## Exercise details
Within the material below, filter for lines that hold the word "clipped".

▼▼▼

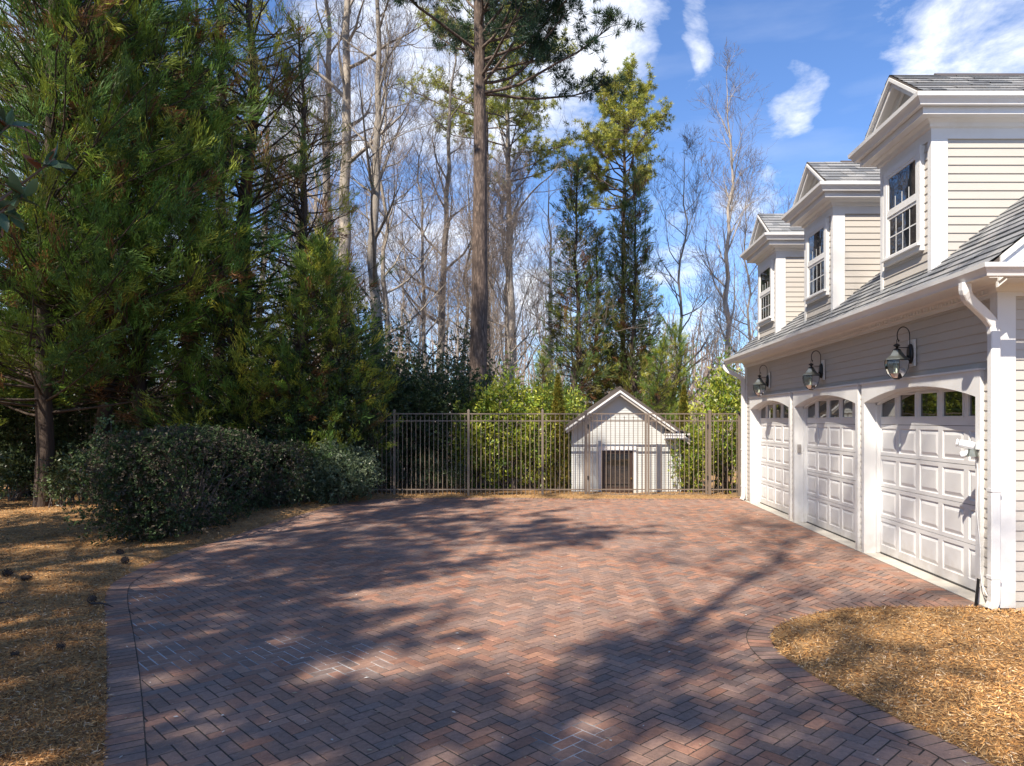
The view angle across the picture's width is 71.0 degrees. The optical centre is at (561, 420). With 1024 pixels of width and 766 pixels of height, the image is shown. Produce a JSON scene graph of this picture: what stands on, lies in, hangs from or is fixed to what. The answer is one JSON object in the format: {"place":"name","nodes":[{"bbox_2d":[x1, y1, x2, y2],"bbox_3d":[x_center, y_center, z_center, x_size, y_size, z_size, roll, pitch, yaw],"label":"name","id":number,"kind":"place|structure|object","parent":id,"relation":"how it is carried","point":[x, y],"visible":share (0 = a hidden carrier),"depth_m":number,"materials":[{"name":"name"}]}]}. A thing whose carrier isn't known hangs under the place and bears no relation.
{"place":"outdoors","nodes":[
{"label":"outdoors","id":0,"kind":"place"},
{"bbox_2d":[27,423,735,472],"bbox_3d":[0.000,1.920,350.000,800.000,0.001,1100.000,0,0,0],"label":"ground","id":1,"kind":"structure","parent":0,"point":[538,468],"depth_m":33.28,"materials":[{"name":"brown soil"}]},
{"bbox_2d":[0,0,184,486],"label":"cedar tree","id":2,"kind":"object","parent":1,"relation":"on","point":[17,173],"visible":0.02,"depth_m":18.45,"materials":[{"name":"green plant"}]},
{"bbox_2d":[0,0,300,499],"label":"cedar tree","id":3,"kind":"object","parent":1,"relation":"on","point":[61,292],"visible":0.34,"depth_m":15.04,"materials":[{"name":"green plant"}]},
{"bbox_2d":[0,0,318,471],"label":"cedar tree","id":4,"kind":"object","parent":1,"relation":"on","point":[140,382],"visible":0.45,"depth_m":15.39,"materials":[{"name":"green plant"}]},
{"bbox_2d":[112,209,324,492],"bbox_3d":[-7.615,-1.457,16.430,4.605,6.713,4.168,0,0,-27],"label":"cedar tree","id":5,"kind":"object","parent":1,"relation":"on","point":[231,343],"visible":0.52,"depth_m":15.87,"materials":[{"name":"green plant"}]},
{"bbox_2d":[211,0,282,421],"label":"pine tree","id":6,"kind":"object","parent":1,"relation":"on","point":[259,8],"visible":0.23,"depth_m":25.06,"materials":[{"name":"green plant"}]},
{"bbox_2d":[202,25,324,435],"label":"bare tree","id":7,"kind":"object","parent":1,"relation":"on","point":[264,169],"visible":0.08,"depth_m":34.07,"materials":[{"name":"grey plant"}]},
{"bbox_2d":[225,41,405,351],"bbox_3d":[-9.211,-5.702,26.029,6.677,15.397,7.224,0,0,2],"label":"bare tree","id":8,"kind":"object","parent":1,"relation":"on","point":[313,191],"visible":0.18,"depth_m":25.39,"materials":[{"name":"brown plant"}]},
{"bbox_2d":[268,79,401,367],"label":"bare tree","id":9,"kind":"object","parent":1,"relation":"on","point":[316,190],"visible":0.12,"depth_m":42.35,"materials":[{"name":"brown plant"}]},
{"bbox_2d":[266,187,407,354],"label":"bare tree","id":10,"kind":"object","parent":1,"relation":"on","point":[354,247],"visible":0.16,"depth_m":39.55,"materials":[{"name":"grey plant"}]},
{"bbox_2d":[236,0,444,384],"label":"bare tree","id":11,"kind":"object","parent":1,"relation":"on","point":[328,58],"visible":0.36,"depth_m":27.94,"materials":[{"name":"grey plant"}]},
{"bbox_2d":[255,62,427,364],"bbox_3d":[-8.487,-5.849,26.691,8.026,15.694,7.354,0,0,42],"label":"bare tree","id":12,"kind":"object","parent":1,"relation":"on","point":[337,164],"visible":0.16,"depth_m":26.60,"materials":[{"name":"grey plant"}]},
{"bbox_2d":[232,0,488,355],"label":"bare tree","id":13,"kind":"object","parent":1,"relation":"on","point":[345,70],"visible":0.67,"depth_m":24.88,"materials":[{"name":"brown plant"}]},
{"bbox_2d":[333,171,429,355],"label":"bare tree","id":14,"kind":"object","parent":1,"relation":"on","point":[379,260],"visible":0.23,"depth_m":44.13,"materials":[{"name":"grey plant"}]},
{"bbox_2d":[18,299,756,440],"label":"woods","id":15,"kind":"object","parent":1,"relation":"on","point":[693,386],"visible":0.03,"depth_m":73.32,"materials":[{"name":"beige plant"}]},
{"bbox_2d":[278,12,512,372],"bbox_3d":[-5.775,-6.129,25.742,7.625,16.253,7.048,0,0,-36],"label":"bare tree","id":16,"kind":"object","parent":1,"relation":"on","point":[384,287],"visible":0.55,"depth_m":25.53,"materials":[{"name":"brown plant"}]},
{"bbox_2d":[258,0,538,359],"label":"bare tree","id":17,"kind":"object","parent":1,"relation":"on","point":[373,170],"visible":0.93,"depth_m":23.79,"materials":[{"name":"brown plant"}]},
{"bbox_2d":[360,178,436,410],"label":"bare tree","id":18,"kind":"object","parent":1,"relation":"on","point":[408,232],"visible":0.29,"depth_m":48.28,"materials":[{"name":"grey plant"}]},
{"bbox_2d":[327,94,494,379],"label":"bare tree","id":19,"kind":"object","parent":1,"relation":"on","point":[423,275],"visible":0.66,"depth_m":27.25,"materials":[{"name":"brown plant"}]},
{"bbox_2d":[389,243,438,376],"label":"bare tree","id":20,"kind":"object","parent":1,"relation":"on","point":[416,317],"visible":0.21,"depth_m":50.19,"materials":[{"name":"brown plant"}]},
{"bbox_2d":[338,0,543,435],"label":"bare tree","id":21,"kind":"object","parent":1,"relation":"on","point":[448,128],"visible":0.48,"depth_m":30.73,"materials":[{"name":"brown plant"}]},
{"bbox_2d":[389,122,527,467],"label":"bare tree","id":22,"kind":"object","parent":1,"relation":"on","point":[468,200],"visible":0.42,"depth_m":28.01,"materials":[{"name":"brown plant"}]},
{"bbox_2d":[420,233,496,378],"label":"bare tree","id":23,"kind":"object","parent":1,"relation":"on","point":[457,332],"visible":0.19,"depth_m":51.03,"materials":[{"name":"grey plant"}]},
{"bbox_2d":[395,0,577,385],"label":"pine tree","id":24,"kind":"object","parent":1,"relation":"on","point":[497,108],"visible":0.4,"depth_m":33.60,"materials":[{"name":"green plant"}]},
{"bbox_2d":[437,231,539,374],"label":"bare tree","id":25,"kind":"object","parent":1,"relation":"on","point":[493,324],"visible":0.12,"depth_m":46.40,"materials":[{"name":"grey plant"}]},
{"bbox_2d":[469,227,525,414],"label":"bare tree","id":26,"kind":"object","parent":1,"relation":"on","point":[496,316],"visible":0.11,"depth_m":56.90,"materials":[{"name":"brown plant"}]},
{"bbox_2d":[432,1,576,371],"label":"pine tree","id":27,"kind":"object","parent":1,"relation":"on","point":[533,105],"visible":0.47,"depth_m":37.42,"materials":[{"name":"green plant"}]},
{"bbox_2d":[383,0,646,478],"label":"pine tree","id":28,"kind":"object","parent":1,"relation":"on","point":[530,28],"visible":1,"depth_m":21.78,"materials":[{"name":"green plant"}]},
{"bbox_2d":[388,134,646,469],"bbox_3d":[-1.754,-4.186,26.730,9.194,12.363,8.444,0,0,-29],"label":"bare tree","id":29,"kind":"object","parent":1,"relation":"on","point":[502,252],"visible":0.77,"depth_m":26.28,"materials":[{"name":"brown plant"}]},
{"bbox_2d":[443,29,610,450],"bbox_3d":[-2.233,-10.022,37.865,11.223,24.025,6.217,0,0,33],"label":"bare tree","id":30,"kind":"object","parent":1,"relation":"on","point":[507,155],"visible":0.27,"depth_m":37.58,"materials":[{"name":"plant"}]},
{"bbox_2d":[515,277,571,383],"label":"bare tree","id":31,"kind":"object","parent":1,"relation":"on","point":[536,344],"visible":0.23,"depth_m":51.33,"materials":[{"name":"brown plant"}]},
{"bbox_2d":[529,351,570,473],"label":"cedar tree","id":32,"kind":"object","parent":1,"relation":"on","point":[542,357],"visible":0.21,"depth_m":23.83,"materials":[{"name":"green plant"}]},
{"bbox_2d":[501,156,610,382],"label":"bare tree","id":33,"kind":"object","parent":1,"relation":"on","point":[550,235],"visible":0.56,"depth_m":41.32,"materials":[{"name":"brown plant"}]},
{"bbox_2d":[528,245,607,393],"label":"bare tree","id":34,"kind":"object","parent":1,"relation":"on","point":[563,324],"visible":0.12,"depth_m":43.62,"materials":[{"name":"brown plant"}]},
{"bbox_2d":[526,152,620,418],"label":"cedar tree","id":35,"kind":"object","parent":1,"relation":"on","point":[577,362],"visible":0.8,"depth_m":25.78,"materials":[{"name":"green plant"}]},
{"bbox_2d":[564,220,639,412],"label":"cedar tree","id":36,"kind":"object","parent":1,"relation":"on","point":[599,242],"visible":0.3,"depth_m":26.79,"materials":[{"name":"green plant"}]},
{"bbox_2d":[565,52,676,381],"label":"pine tree","id":37,"kind":"object","parent":1,"relation":"on","point":[613,134],"visible":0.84,"depth_m":34.25,"materials":[{"name":"green plant"}]},
{"bbox_2d":[586,194,664,406],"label":"cedar tree","id":38,"kind":"object","parent":1,"relation":"on","point":[616,219],"visible":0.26,"depth_m":27.85,"materials":[{"name":"green plant"}]},
{"bbox_2d":[591,165,679,409],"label":"cedar tree","id":39,"kind":"object","parent":1,"relation":"on","point":[638,307],"visible":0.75,"depth_m":26.26,"materials":[{"name":"green plant"}]},
{"bbox_2d":[648,318,707,446],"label":"cedar tree","id":40,"kind":"object","parent":1,"relation":"on","point":[677,366],"visible":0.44,"depth_m":25.14,"materials":[{"name":"green plant"}]},
{"bbox_2d":[603,122,757,426],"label":"bare tree","id":41,"kind":"object","parent":1,"relation":"on","point":[697,272],"visible":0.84,"depth_m":28.58,"materials":[{"name":"brown plant"}]},
{"bbox_2d":[688,308,740,431],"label":"bare tree","id":42,"kind":"object","parent":1,"relation":"on","point":[705,330],"visible":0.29,"depth_m":59.70,"materials":[{"name":"brown plant"}]},
{"bbox_2d":[657,36,789,449],"bbox_3d":[7.732,-7.799,32.782,5.363,19.584,6.757,0,0,-13],"label":"bare tree","id":43,"kind":"object","parent":1,"relation":"on","point":[730,205],"visible":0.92,"depth_m":32.73,"materials":[{"name":"brown plant"}]},
{"bbox_2d":[674,147,795,376],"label":"bare tree","id":44,"kind":"object","parent":1,"relation":"on","point":[748,281],"visible":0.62,"depth_m":36.16,"materials":[{"name":"grey plant"}]},
{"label":"pine tree","id":45,"kind":"object","parent":1,"relation":"on","visible":0},
{"bbox_2d":[0,108,78,236],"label":"magnolia branch","id":46,"kind":"object","parent":45,"relation":"attached to","point":[18,190],"visible":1,"depth_m":5.14,"materials":[{"name":"green plant"}]},
{"bbox_2d":[0,471,1023,765],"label":"terrain","id":47,"kind":"structure","parent":0,"point":[176,547],"depth_m":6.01,"materials":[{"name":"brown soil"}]},
{"bbox_2d":[0,445,22,499],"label":"shrub","id":48,"kind":"object","parent":47,"relation":"on","point":[4,465],"visible":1,"depth_m":14.79,"materials":[{"name":"green plant"}]},
{"bbox_2d":[0,442,34,501],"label":"shrub","id":49,"kind":"object","parent":47,"relation":"on","point":[18,469],"visible":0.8,"depth_m":15.91,"materials":[{"name":"green plant"}]},
{"bbox_2d":[0,387,34,461],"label":"holly bush","id":50,"kind":"object","parent":47,"relation":"on","point":[20,416],"visible":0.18,"depth_m":16.80,"materials":[{"name":"green plant"}]},
{"bbox_2d":[0,374,86,496],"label":"holly bush","id":51,"kind":"object","parent":47,"relation":"on","point":[29,428],"visible":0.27,"depth_m":16.62,"materials":[{"name":"green plant"}]},
{"bbox_2d":[30,455,86,507],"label":"shrub","id":52,"kind":"object","parent":47,"relation":"on","point":[60,488],"visible":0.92,"depth_m":14.83,"materials":[{"name":"green plant"}]},
{"bbox_2d":[52,439,103,502],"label":"shrub","id":53,"kind":"object","parent":47,"relation":"on","point":[75,467],"visible":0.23,"depth_m":15.45,"materials":[{"name":"green plant"}]},
{"bbox_2d":[77,402,131,518],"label":"leafy sapling","id":54,"kind":"object","parent":47,"relation":"on","point":[97,427],"visible":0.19,"depth_m":12.84,"materials":[{"name":"green plant"}]},
{"bbox_2d":[54,375,158,483],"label":"holly bush","id":55,"kind":"object","parent":47,"relation":"on","point":[90,415],"visible":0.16,"depth_m":17.11,"materials":[{"name":"green plant"}]},
{"bbox_2d":[0,0,262,506],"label":"cedar tree","id":56,"kind":"object","parent":47,"relation":"on","point":[43,399],"visible":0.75,"depth_m":14.29,"materials":[{"name":"green plant"}]},
{"bbox_2d":[82,277,187,442],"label":"cedar tree","id":57,"kind":"object","parent":47,"relation":"on","point":[161,388],"visible":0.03,"depth_m":18.08,"materials":[{"name":"green plant"}]},
{"bbox_2d":[97,378,222,495],"bbox_3d":[-9.155,0.441,16.762,2.825,2.920,2.377,0,0,-9],"label":"holly bush","id":58,"kind":"object","parent":47,"relation":"on","point":[128,425],"visible":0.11,"depth_m":16.29,"materials":[{"name":"green plant"}]},
{"bbox_2d":[51,422,272,546],"bbox_3d":[-6.386,0.941,12.291,2.357,1.878,5.046,0,0,-8],"label":"clipped hedge","id":59,"kind":"object","parent":47,"relation":"on","point":[141,494],"visible":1,"depth_m":10.60,"materials":[{"name":"glossy leaf"},{"name":"twig bark"}]},
{"bbox_2d":[124,0,279,475],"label":"cedar tree","id":60,"kind":"object","parent":47,"relation":"on","point":[227,211],"visible":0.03,"depth_m":20.60,"materials":[{"name":"green plant"}]},
{"bbox_2d":[172,340,278,487],"bbox_3d":[-7.833,0.036,16.729,2.517,3.754,2.992,0,0,12],"label":"holly bush","id":61,"kind":"object","parent":47,"relation":"on","point":[230,418],"visible":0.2,"depth_m":16.02,"materials":[{"name":"green plant"}]},
{"bbox_2d":[118,0,382,421],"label":"cedar tree","id":62,"kind":"object","parent":47,"relation":"on","point":[253,63],"visible":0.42,"depth_m":17.58,"materials":[{"name":"green plant"}]},
{"bbox_2d":[192,437,321,509],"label":"clipped hedge","id":63,"kind":"object","parent":47,"relation":"on","point":[281,497],"visible":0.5,"depth_m":14.65,"materials":[{"name":"green plant"}]},
{"bbox_2d":[215,323,333,493],"bbox_3d":[-6.692,-0.167,16.738,2.825,4.172,2.377,0,0,39],"label":"holly bush","id":64,"kind":"object","parent":47,"relation":"on","point":[269,425],"visible":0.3,"depth_m":16.20,"materials":[{"name":"green plant"}]},
{"bbox_2d":[207,235,383,489],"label":"cedar tree","id":65,"kind":"object","parent":47,"relation":"on","point":[310,292],"visible":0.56,"depth_m":16.25,"materials":[{"name":"green plant"}]},
{"bbox_2d":[215,4,407,379],"bbox_3d":[-6.795,-4.452,18.669,4.562,12.681,4.464,0,0,-30],"label":"cedar tree","id":66,"kind":"object","parent":47,"relation":"on","point":[302,213],"visible":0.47,"depth_m":18.11,"materials":[{"name":"green plant"}]},
{"bbox_2d":[286,437,385,504],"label":"variegated shrub","id":67,"kind":"object","parent":47,"relation":"on","point":[360,471],"visible":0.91,"depth_m":15.50,"materials":[{"name":"green plant"}]},
{"bbox_2d":[269,222,404,495],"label":"cedar tree","id":68,"kind":"object","parent":47,"relation":"on","point":[346,285],"visible":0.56,"depth_m":16.72,"materials":[{"name":"green plant"}]},
{"bbox_2d":[283,327,394,492],"bbox_3d":[-5.211,-0.167,16.903,2.659,4.172,2.238,0,0,-35],"label":"holly bush","id":69,"kind":"object","parent":47,"relation":"on","point":[357,397],"visible":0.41,"depth_m":16.64,"materials":[{"name":"green plant"}]},
{"bbox_2d":[294,276,396,434],"bbox_3d":[-5.722,-0.991,19.195,2.433,5.735,2.430,0,0,12],"label":"holly bush","id":70,"kind":"object","parent":47,"relation":"on","point":[366,308],"visible":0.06,"depth_m":19.20,"materials":[{"name":"green plant"}]},
{"bbox_2d":[2,409,740,495],"bbox_3d":[-5.212,0.782,17.200,19.032,2.095,0.081,0,0,0],"label":"fence","id":71,"kind":"object","parent":47,"relation":"on","point":[738,452],"visible":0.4,"depth_m":17.19,"materials":[{"name":"brown metal"}]},
{"bbox_2d":[587,413,646,494],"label":"metal gate","id":72,"kind":"structure","parent":71,"relation":"attached to","point":[588,476],"depth_m":17.19,"materials":[{"name":"brown metal"}]},
{"bbox_2d":[647,413,708,494],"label":"metal gate","id":73,"kind":"structure","parent":71,"relation":"attached to","point":[648,453],"depth_m":17.19,"materials":[{"name":"brown metal"}]},
{"bbox_2d":[342,344,418,490],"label":"holly bush","id":74,"kind":"object","parent":47,"relation":"on","point":[391,408],"visible":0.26,"depth_m":18.53,"materials":[{"name":"green plant"}]},
{"bbox_2d":[374,446,407,492],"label":"shrub","id":75,"kind":"object","parent":47,"relation":"on","point":[390,474],"visible":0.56,"depth_m":17.65,"materials":[{"name":"green plant"}]},
{"bbox_2d":[368,313,428,484],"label":"holly bush","id":76,"kind":"object","parent":47,"relation":"on","point":[400,328],"visible":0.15,"depth_m":20.11,"materials":[{"name":"green plant"}]},
{"bbox_2d":[371,348,456,487],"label":"holly bush","id":77,"kind":"object","parent":47,"relation":"on","point":[407,462],"visible":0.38,"depth_m":19.06,"materials":[{"name":"green plant"}]},
{"bbox_2d":[401,339,448,476],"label":"holly bush","id":78,"kind":"object","parent":47,"relation":"on","point":[423,358],"visible":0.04,"depth_m":22.45,"materials":[{"name":"green plant"}]},
{"bbox_2d":[409,450,448,492],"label":"shrub","id":79,"kind":"object","parent":47,"relation":"on","point":[431,469],"visible":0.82,"depth_m":17.76,"materials":[{"name":"green plant"}]},
{"bbox_2d":[394,344,513,488],"bbox_3d":[-2.782,-0.065,19.200,3.324,3.963,2.797,0,0,21],"label":"holly bush","id":80,"kind":"object","parent":47,"relation":"on","point":[442,404],"visible":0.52,"depth_m":18.79,"materials":[{"name":"green plant"}]},
{"bbox_2d":[443,460,473,492],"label":"shrub","id":81,"kind":"object","parent":47,"relation":"on","point":[456,474],"visible":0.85,"depth_m":17.61,"materials":[{"name":"green plant"}]},
{"bbox_2d":[434,319,499,469],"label":"holly bush","id":82,"kind":"object","parent":47,"relation":"on","point":[464,357],"visible":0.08,"depth_m":22.86,"materials":[{"name":"green plant"}]},
{"bbox_2d":[447,383,510,490],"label":"laurel bush","id":83,"kind":"object","parent":47,"relation":"on","point":[480,482],"visible":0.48,"depth_m":18.36,"materials":[{"name":"green plant"}]},
{"bbox_2d":[455,351,546,490],"bbox_3d":[-1.515,0.065,18.480,2.497,3.809,1.931,0,0,-17],"label":"laurel bush","id":84,"kind":"object","parent":47,"relation":"on","point":[509,405],"visible":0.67,"depth_m":18.21,"materials":[{"name":"green plant"}]},
{"bbox_2d":[508,372,570,490],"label":"laurel bush","id":85,"kind":"object","parent":47,"relation":"on","point":[530,424],"visible":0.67,"depth_m":18.04,"materials":[{"name":"green plant"}]},
{"bbox_2d":[544,373,570,490],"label":"arborvitae","id":86,"kind":"object","parent":47,"relation":"on","point":[557,401],"visible":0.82,"depth_m":17.91,"materials":[{"name":"green plant"}]},
{"bbox_2d":[538,374,588,484],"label":"laurel bush","id":87,"kind":"object","parent":47,"relation":"on","point":[575,401],"visible":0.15,"depth_m":19.67,"materials":[{"name":"green plant"}]},
{"bbox_2d":[565,386,690,492],"bbox_3d":[1.641,0.518,19.010,3.083,2.724,2.920,0,0,0],"label":"playhouse","id":88,"kind":"object","parent":47,"relation":"on","point":[619,399],"visible":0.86,"depth_m":17.84,"materials":[{"name":"paint"}]},
{"bbox_2d":[602,451,632,492],"bbox_3d":[1.392,1.308,17.812,0.774,1.105,0.085,0,0,0],"label":"door","id":89,"kind":"structure","parent":88,"relation":"in","point":[605,454],"depth_m":17.84,"materials":[{"name":"brown wood"}]},
{"bbox_2d":[633,332,683,442],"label":"cedar tree","id":90,"kind":"object","parent":47,"relation":"on","point":[654,390],"visible":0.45,"depth_m":23.64,"materials":[{"name":"green plant"}]},
{"bbox_2d":[676,383,694,477],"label":"arborvitae","id":91,"kind":"object","parent":47,"relation":"on","point":[683,405],"visible":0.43,"depth_m":20.14,"materials":[{"name":"green plant"}]},
{"bbox_2d":[667,416,719,491],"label":"laurel bush","id":92,"kind":"object","parent":47,"relation":"on","point":[689,465],"visible":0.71,"depth_m":17.71,"materials":[{"name":"green plant"}]},
{"bbox_2d":[686,339,742,493],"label":"laurel bush","id":93,"kind":"object","parent":47,"relation":"on","point":[725,393],"visible":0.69,"depth_m":18.31,"materials":[{"name":"green plant"}]},
{"bbox_2d":[0,0,1023,421],"label":"sky","id":94,"kind":"structure","parent":0,"point":[829,64],"materials":[{"name":"blue"}]},
{"bbox_2d":[103,497,1020,765],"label":"driveway","id":95,"kind":"structure","parent":0,"point":[593,663],"depth_m":5.92,"materials":[{"name":"brick"}]},
{"bbox_2d":[104,498,971,765],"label":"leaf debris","id":96,"kind":"object","parent":95,"relation":"on","point":[402,757],"visible":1,"depth_m":5.45,"materials":[{"name":"brown plant"}]},
{"bbox_2d":[744,500,986,607],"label":"pavement","id":97,"kind":"structure","parent":0,"point":[946,585],"depth_m":9.14,"materials":[{"name":"concrete"}]},
{"bbox_2d":[723,73,1023,610],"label":"garage building","id":98,"kind":"structure","parent":97,"relation":"on","point":[910,216],"depth_m":8.69,"materials":[{"name":"paint"}]},
{"bbox_2d":[753,365,769,395],"bbox_3d":[4.010,-0.800,14.390,0.340,0.631,0.296,0,0,0],"label":"wall lantern","id":99,"kind":"object","parent":98,"relation":"attached to","point":[759,381],"depth_m":14.34,"materials":[{"name":"black metal"}]},
{"bbox_2d":[760,402,788,514],"bbox_3d":[4.385,0.690,14.390,0.070,2.280,2.640,0,0,0],"label":"garage door","id":100,"kind":"structure","parent":98,"relation":"in","point":[774,418],"depth_m":14.60,"materials":[{"name":"paint"}]},
{"bbox_2d":[802,350,824,389],"bbox_3d":[4.010,-0.800,11.420,0.340,0.631,0.296,0,0,0],"label":"wall lantern","id":101,"kind":"object","parent":98,"relation":"attached to","point":[814,374],"depth_m":11.36,"materials":[{"name":"black metal"}]},
{"bbox_2d":[807,397,854,541],"bbox_3d":[4.385,0.690,11.420,0.070,2.280,2.640,0,0,0],"label":"garage door","id":102,"kind":"structure","parent":98,"relation":"in","point":[831,421],"depth_m":11.53,"materials":[{"name":"paint"}]},
{"bbox_2d":[883,326,915,379],"bbox_3d":[4.010,-0.800,8.500,0.340,0.631,0.296,0,0,0],"label":"wall lantern","id":103,"kind":"object","parent":98,"relation":"attached to","point":[907,361],"depth_m":8.45,"materials":[{"name":"black metal"}]},
{"bbox_2d":[880,389,974,592],"bbox_3d":[4.385,0.690,8.490,0.070,2.280,2.640,0,0,0],"label":"garage door","id":104,"kind":"structure","parent":98,"relation":"in","point":[927,490],"depth_m":8.47,"materials":[{"name":"paint"}]},
{"bbox_2d":[955,439,979,457],"bbox_3d":[4.057,0.283,7.145,0.212,0.196,0.119,0,0,37],"label":"security camera","id":105,"kind":"object","parent":98,"relation":"attached to","point":[971,447],"visible":1,"depth_m":7.12,"materials":[{"name":"plastic"}]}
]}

▲▲▲

## Written response
{"bbox_2d":[51,422,272,546],"bbox_3d":[-6.386,0.941,12.291,2.357,1.878,5.046,0,0,-8],"label":"clipped hedge","id":59,"kind":"object","parent":47,"relation":"on","point":[141,494],"visible":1,"depth_m":10.60,"materials":[{"name":"glossy leaf"},{"name":"twig bark"}]},
{"bbox_2d":[192,437,321,509],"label":"clipped hedge","id":63,"kind":"object","parent":47,"relation":"on","point":[281,497],"visible":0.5,"depth_m":14.65,"materials":[{"name":"green plant"}]},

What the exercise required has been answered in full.